Exercise details: An exact reproduction of the records is required, with all images left out.

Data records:
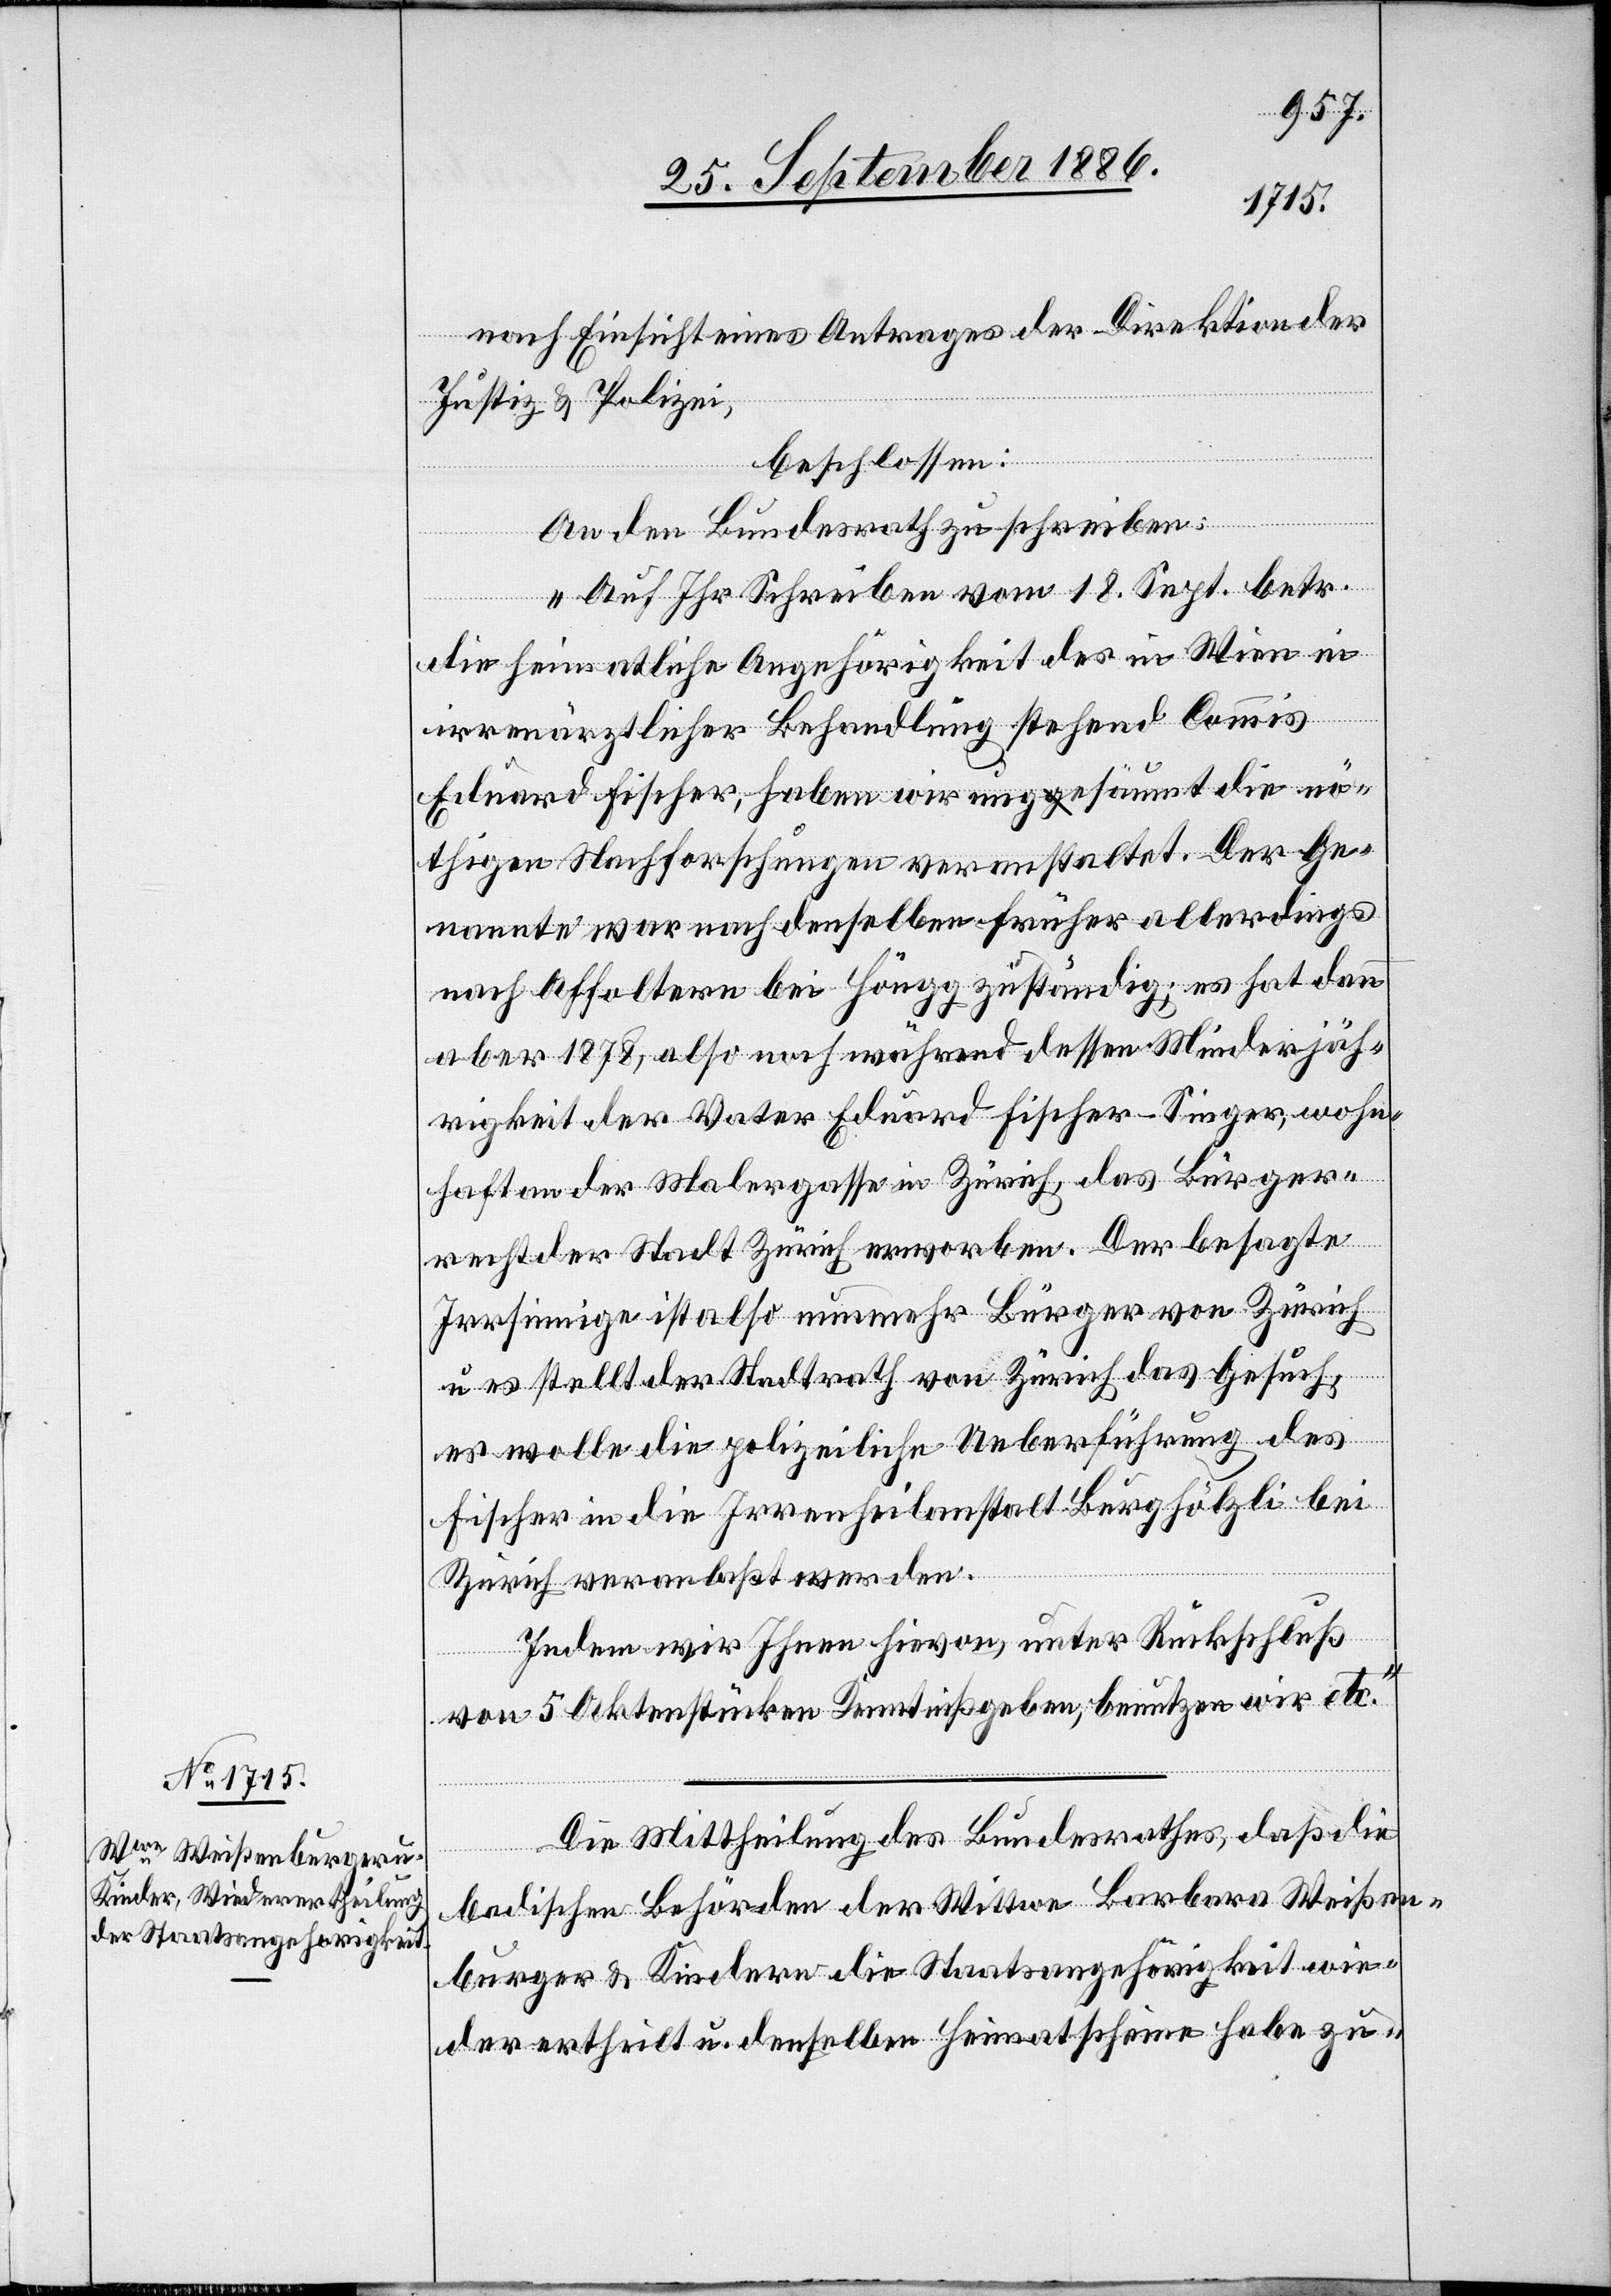
28. September 1886.]
nach Einsicht eines Antrages der Direktion der
Justiz & Polizei,
beschlossen:
An den Bundesrath zu schreiben:
„Auf Ihr Schreiben vom 18. Sept. betr.
die heimatliche Angehörigkeit des in Wien in
irrenärztlicher Behandlung stehend[en] Commis
Eduard Fischer, haben wir ungesäumt die nö¬
thigen Nachforschungen veranstaltet. Der Ge¬
nannte war nach denselben früher allerdings
nach Affoltern bei Höngg zuständig; es hat dann
aber 1878, also noch während dessen Minderjäh¬
rigkeit der Vater Eduard Fischer-Singer, wohn¬
haft an der Malergasse in Zürich, das Bürger¬
recht der Stadt Zürich erworben. Der besagte
Irrsinnige ist also nunmehr Bürger von Zürich
u. es stellt der Stadtrath von Zürich das Gesuch,
es wolle die polizeiliche Ueberführung des
Fischer in die Irrenheilanstalt Burghölzli bei
Zürich veranlaßt werden.
Indem wir Ihnen hievon, unter Rückschluß
von 5 Aktenstücken Kenntniß geben, benutzen wir etc.“
Die Mittheilung des Bundesrathes, daß die
badischen Behörden der Wittwe Barbara Weißen¬
burger & Kindern die Staatsangehörigkeit wie¬
der ertheilt u. denselben Heimatscheine habe zu-

Written response:
28. September 1886.]
nach Einsicht eines Antrages der Direktion der
Justiz & Polizei,
beschlossen:
An den Bundesrath zu schreiben:
„Auf Ihr Schreiben vom 18. Sept. betr.
die heimatliche Angehörigkeit des in Wien in
irrenärztlicher Behandlung stehend[en] Commis
Eduard Fischer, haben wir ungesäumt die nö¬
thigen Nachforschungen veranstaltet. Der Ge¬
nannte war nach denselben früher allerdings
nach Affoltern bei Höngg zuständig; es hat dann
aber 1878, also noch während dessen Minderjäh¬
rigkeit der Vater Eduard Fischer-Singer, wohn¬
haft an der Malergasse in Zürich, das Bürger¬
recht der Stadt Zürich erworben. Der besagte
Irrsinnige ist also nunmehr Bürger von Zürich
u. es stellt der Stadtrath von Zürich das Gesuch,
es wolle die polizeiliche Ueberführung des
Fischer in die Irrenheilanstalt Burghölzli bei
Zürich veranlaßt werden.
Indem wir Ihnen hievon, unter Rückschluß
von 5 Aktenstücken Kenntniß geben, benutzen wir etc.“
Die Mittheilung des Bundesrathes, daß die
badischen Behörden der Wittwe Barbara Weißen¬
burger & Kindern die Staatsangehörigkeit wie¬
der ertheilt u. denselben Heimatscheine habe zu-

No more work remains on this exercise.